> **Requirement**
Look over the material below and count the lines that include "グループ". Give only the total.

> **Exercise materials**
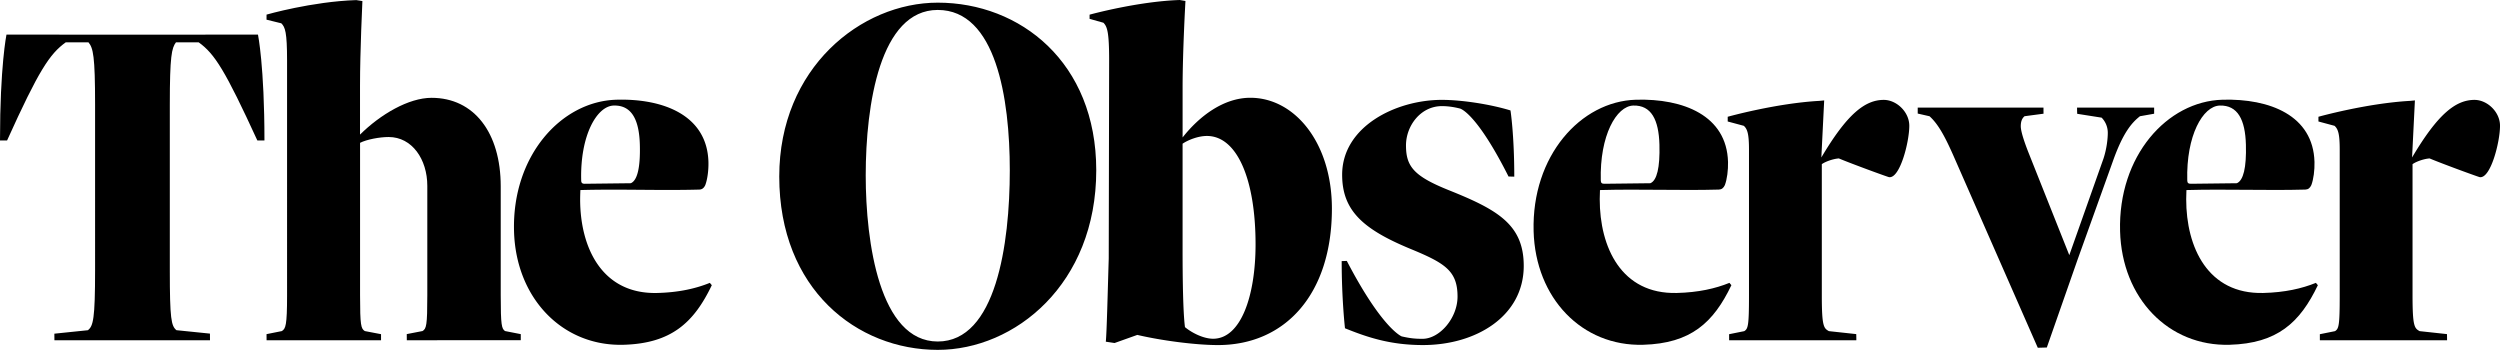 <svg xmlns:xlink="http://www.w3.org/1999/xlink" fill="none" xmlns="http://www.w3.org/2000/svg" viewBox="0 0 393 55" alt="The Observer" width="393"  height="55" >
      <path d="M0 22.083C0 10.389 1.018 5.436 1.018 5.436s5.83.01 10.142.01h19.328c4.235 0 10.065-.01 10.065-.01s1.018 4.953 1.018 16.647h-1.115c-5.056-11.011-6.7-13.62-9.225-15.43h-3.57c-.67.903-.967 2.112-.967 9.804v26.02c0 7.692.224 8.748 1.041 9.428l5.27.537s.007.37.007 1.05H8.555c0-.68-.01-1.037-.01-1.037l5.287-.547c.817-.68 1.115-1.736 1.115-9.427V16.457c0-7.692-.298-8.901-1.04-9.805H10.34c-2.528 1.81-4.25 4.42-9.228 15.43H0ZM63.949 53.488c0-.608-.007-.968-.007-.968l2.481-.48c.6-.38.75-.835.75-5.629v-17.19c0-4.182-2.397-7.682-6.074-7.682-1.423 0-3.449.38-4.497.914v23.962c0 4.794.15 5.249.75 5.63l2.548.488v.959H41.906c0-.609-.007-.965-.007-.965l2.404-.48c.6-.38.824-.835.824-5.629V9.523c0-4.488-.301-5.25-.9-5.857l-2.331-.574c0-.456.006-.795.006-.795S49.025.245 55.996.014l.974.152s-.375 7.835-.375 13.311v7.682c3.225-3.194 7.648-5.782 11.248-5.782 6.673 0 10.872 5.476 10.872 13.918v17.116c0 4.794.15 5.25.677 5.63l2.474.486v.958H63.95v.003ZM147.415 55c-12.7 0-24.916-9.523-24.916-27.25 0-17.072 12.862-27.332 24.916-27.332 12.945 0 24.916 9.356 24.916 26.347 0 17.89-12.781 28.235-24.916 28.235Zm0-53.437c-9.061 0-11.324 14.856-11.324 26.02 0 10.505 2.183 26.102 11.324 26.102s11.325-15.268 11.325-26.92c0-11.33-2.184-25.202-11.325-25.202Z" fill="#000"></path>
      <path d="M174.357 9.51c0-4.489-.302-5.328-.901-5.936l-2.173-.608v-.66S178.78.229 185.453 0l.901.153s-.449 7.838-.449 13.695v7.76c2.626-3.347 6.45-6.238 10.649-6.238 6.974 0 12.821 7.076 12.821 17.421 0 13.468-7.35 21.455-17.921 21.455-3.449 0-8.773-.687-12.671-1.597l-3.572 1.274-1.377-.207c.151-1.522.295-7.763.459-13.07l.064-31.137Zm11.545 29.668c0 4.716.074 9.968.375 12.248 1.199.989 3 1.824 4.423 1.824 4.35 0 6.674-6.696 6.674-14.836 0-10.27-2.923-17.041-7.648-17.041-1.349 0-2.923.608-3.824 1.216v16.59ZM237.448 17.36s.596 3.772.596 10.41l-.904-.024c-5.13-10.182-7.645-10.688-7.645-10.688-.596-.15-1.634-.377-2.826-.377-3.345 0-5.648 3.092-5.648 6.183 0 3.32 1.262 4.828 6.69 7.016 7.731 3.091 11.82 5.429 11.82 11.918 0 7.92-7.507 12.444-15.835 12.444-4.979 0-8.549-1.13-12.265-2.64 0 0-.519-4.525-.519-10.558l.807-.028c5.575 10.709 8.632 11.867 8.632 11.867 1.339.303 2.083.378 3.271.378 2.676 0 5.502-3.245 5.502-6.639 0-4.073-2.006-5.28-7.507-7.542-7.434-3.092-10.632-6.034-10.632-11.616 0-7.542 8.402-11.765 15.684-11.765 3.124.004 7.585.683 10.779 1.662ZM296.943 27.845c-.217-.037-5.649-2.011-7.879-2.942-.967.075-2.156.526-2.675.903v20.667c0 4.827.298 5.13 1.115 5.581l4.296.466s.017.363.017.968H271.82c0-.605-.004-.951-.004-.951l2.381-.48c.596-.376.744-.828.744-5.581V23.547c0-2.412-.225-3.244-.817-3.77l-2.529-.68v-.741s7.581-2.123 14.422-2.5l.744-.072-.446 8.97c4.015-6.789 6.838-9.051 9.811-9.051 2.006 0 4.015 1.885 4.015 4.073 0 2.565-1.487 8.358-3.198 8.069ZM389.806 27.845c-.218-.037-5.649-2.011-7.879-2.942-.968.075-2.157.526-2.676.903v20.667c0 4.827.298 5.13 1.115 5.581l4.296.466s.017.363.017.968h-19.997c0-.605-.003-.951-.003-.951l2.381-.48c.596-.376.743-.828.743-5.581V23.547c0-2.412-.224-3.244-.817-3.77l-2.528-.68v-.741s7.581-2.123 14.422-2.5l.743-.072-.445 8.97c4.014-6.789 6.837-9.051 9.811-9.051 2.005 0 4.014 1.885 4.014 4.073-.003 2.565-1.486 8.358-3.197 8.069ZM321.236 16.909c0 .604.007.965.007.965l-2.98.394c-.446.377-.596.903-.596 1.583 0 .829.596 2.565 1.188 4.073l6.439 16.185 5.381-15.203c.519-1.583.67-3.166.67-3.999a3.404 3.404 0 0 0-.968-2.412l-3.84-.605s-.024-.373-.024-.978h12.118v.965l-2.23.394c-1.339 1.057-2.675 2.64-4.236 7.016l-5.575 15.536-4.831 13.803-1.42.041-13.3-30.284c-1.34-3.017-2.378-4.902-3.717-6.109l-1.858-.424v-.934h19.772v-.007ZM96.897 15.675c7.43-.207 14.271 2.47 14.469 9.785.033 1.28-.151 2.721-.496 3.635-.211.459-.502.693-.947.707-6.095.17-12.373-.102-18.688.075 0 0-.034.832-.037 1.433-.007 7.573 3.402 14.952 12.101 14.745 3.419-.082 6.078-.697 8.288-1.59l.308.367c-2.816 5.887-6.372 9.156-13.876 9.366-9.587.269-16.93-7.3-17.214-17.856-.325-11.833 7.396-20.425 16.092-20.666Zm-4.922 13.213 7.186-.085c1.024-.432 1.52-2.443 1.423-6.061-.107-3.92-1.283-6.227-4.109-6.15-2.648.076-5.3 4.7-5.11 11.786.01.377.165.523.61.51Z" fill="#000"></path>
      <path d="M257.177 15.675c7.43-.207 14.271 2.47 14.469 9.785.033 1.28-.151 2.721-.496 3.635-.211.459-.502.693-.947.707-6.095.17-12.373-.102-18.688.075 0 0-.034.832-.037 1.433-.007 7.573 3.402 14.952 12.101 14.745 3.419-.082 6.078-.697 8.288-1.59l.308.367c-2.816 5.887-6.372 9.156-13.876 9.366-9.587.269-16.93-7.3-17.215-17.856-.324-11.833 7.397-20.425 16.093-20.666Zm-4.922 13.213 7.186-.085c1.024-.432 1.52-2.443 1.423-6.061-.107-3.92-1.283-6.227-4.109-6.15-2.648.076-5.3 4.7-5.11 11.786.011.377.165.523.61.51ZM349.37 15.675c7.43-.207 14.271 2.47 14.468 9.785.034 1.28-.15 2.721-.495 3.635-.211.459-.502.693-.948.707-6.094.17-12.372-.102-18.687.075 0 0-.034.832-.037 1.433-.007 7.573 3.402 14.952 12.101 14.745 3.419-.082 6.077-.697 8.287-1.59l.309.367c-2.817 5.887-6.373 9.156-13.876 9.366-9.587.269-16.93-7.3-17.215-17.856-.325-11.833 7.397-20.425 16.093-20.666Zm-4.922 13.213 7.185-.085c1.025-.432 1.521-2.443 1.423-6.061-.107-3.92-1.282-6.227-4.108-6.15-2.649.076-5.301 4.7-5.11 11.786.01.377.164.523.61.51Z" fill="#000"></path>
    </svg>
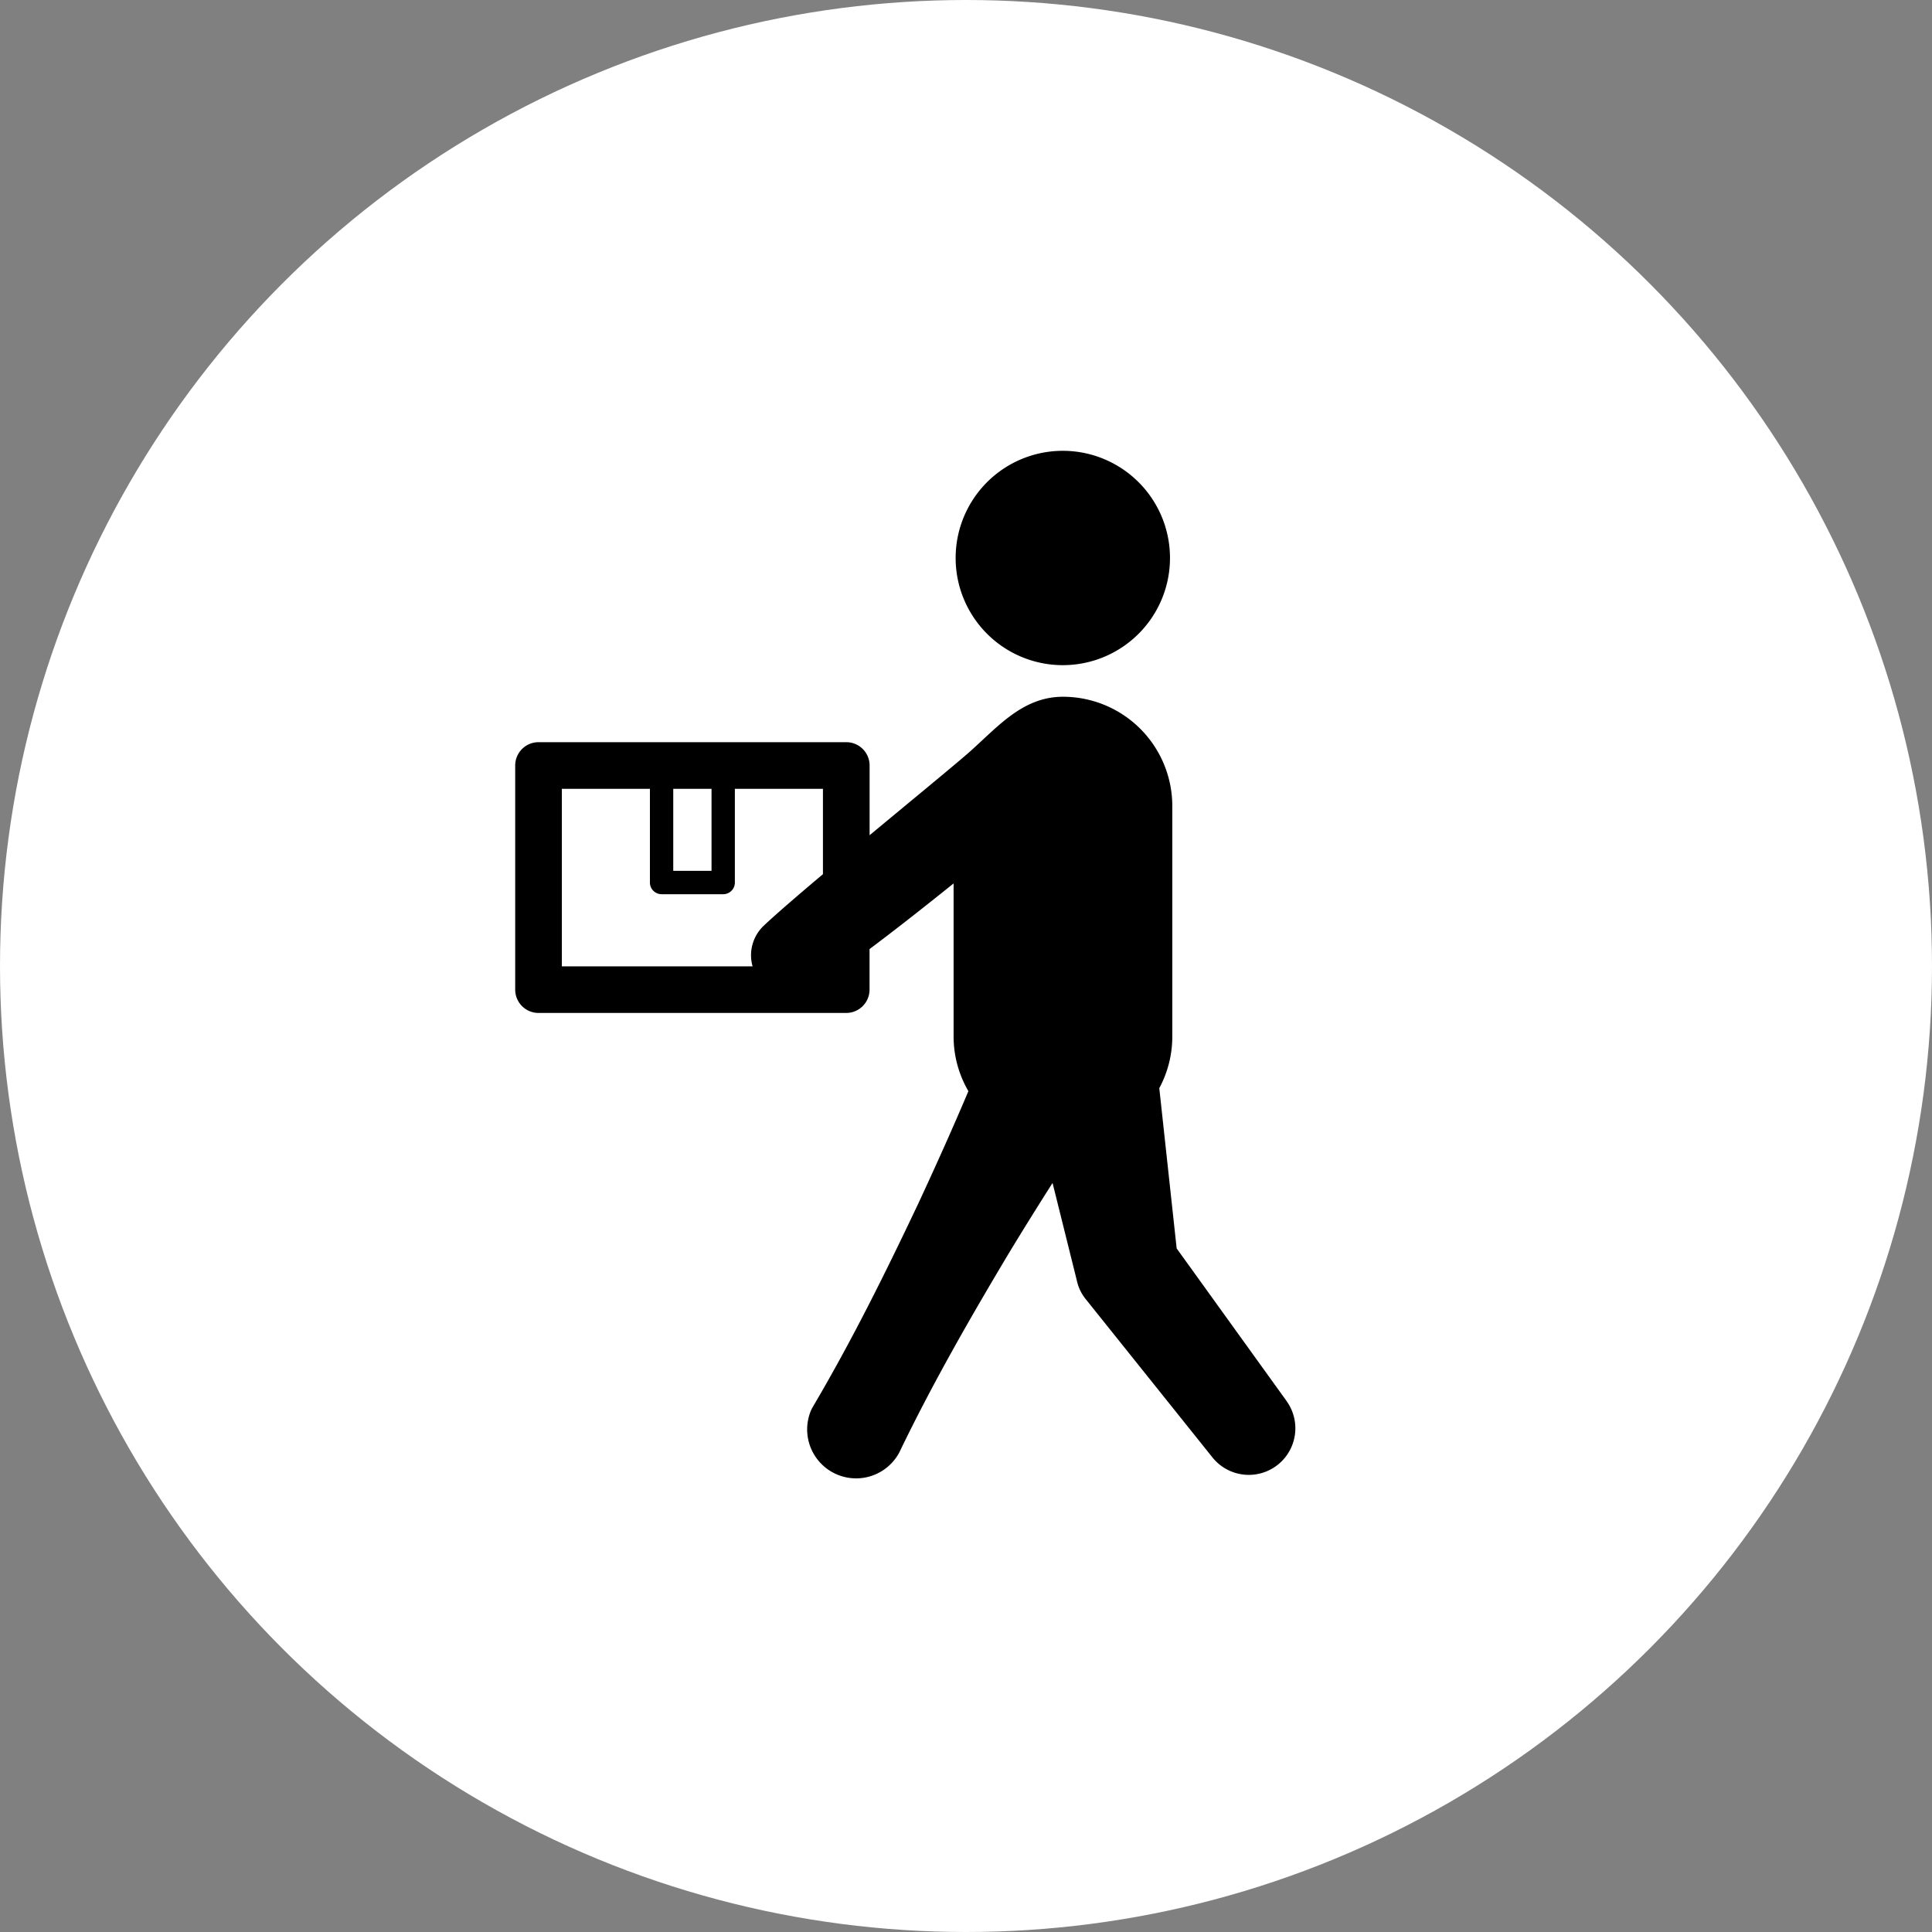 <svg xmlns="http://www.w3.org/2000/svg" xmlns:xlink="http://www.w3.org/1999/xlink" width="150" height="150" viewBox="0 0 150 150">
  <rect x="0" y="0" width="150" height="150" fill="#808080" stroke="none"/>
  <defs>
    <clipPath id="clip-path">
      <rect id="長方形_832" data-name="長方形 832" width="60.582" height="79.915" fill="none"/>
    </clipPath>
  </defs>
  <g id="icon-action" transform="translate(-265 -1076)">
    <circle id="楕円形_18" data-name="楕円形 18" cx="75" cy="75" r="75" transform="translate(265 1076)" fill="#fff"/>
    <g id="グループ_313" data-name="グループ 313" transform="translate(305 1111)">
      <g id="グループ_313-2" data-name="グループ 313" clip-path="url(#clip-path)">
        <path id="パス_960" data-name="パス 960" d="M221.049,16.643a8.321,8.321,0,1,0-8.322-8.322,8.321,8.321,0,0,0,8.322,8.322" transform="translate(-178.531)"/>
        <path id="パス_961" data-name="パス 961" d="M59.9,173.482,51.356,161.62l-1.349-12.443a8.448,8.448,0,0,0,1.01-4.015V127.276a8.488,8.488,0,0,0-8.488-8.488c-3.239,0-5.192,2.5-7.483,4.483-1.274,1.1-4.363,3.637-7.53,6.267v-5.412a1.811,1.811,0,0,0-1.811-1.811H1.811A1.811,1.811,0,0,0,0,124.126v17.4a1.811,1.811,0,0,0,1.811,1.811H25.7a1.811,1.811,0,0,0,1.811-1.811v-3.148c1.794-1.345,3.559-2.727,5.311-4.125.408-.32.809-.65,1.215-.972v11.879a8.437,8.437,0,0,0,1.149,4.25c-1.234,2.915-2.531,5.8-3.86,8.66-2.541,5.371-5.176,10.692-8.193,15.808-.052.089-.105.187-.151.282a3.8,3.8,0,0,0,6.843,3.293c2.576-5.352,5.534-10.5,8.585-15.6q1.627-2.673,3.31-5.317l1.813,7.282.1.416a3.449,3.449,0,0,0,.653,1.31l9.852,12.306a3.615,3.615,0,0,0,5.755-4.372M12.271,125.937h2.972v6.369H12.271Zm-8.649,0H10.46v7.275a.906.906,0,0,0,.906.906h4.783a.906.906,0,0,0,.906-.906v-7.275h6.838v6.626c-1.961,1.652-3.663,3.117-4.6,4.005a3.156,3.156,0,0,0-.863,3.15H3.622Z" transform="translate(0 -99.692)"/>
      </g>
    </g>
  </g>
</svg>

> **Answer to this problem**
2